No one will be surprised to see this one and I wouldn’t be surprised to hear that this is top reason. Most of us, probably almost of all us have this wonderful tendancy to postpone. Why do something today when it can be done tomorrow right? I’m certainly the first to say that. The problem is that this specific task can be postponed for a very very long time. When you need to hand in a report, homework or any other assignment, there is usually a timeline that limits how much you can postpone it. But with investing, it can be done for a very long time.

It also is a lot easier than most of us think. There only a few steps involved and once you have a broker, advisor or your own trading account, you are ready to go. If this is the reason that is stopping you, go back to our post about how to get started and please take action. The most important investment decision you will ever take is not on a specific stock but on when you will get started.

-Not enough money

This is another false one. I wrote my article with an example of 5000$ but in reality you could start with less. If you are able to buy a large screen tv or a car, you can pay for the your retirement or passive income fund. Even the amount that you are able to save each week or each month can stary off very little. If you can start at 5$ per week, start there and increase every year as much as possible. It does add up!

-No time

No time?? If you did not have time to do your laundry, get shaved or take care of your lawn, that is one thing. But we are talking about your future here right? So take the time to set things up. Then, when you make a trade (infrequently especially at the start), take an hour to look up the different possibilities. And finally four times per year, you will take a look at your portfolio, does that sound so bad?

-You do not want passive income

Right!
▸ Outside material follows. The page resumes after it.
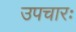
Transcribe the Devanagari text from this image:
उपचारः
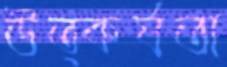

I can understand how making regular income every month, no matter if you are working, if you are in another country, sick in bed, etc. Oh no actually, I don’t get it. At some point, you will need to start living off of passive income when you become older and unable to work as hard. So the decision is not about having passive income or not but rather how much you will have and if you will require help or depend on the government or your pension plan fulfilling its promises.

-Investing elsewhere

This could be a valid excuse. We each have our investing philosophies and I think that a retirement account is a must but there are many different ways to get it done. A dividend portfolio is certainly one way to do just that but there are others. For example, if my company, M35, was not active in the business of buying and selling websites, I would certainly be putting more money into my own dividend portfolio. And over time that is exactly what will happen.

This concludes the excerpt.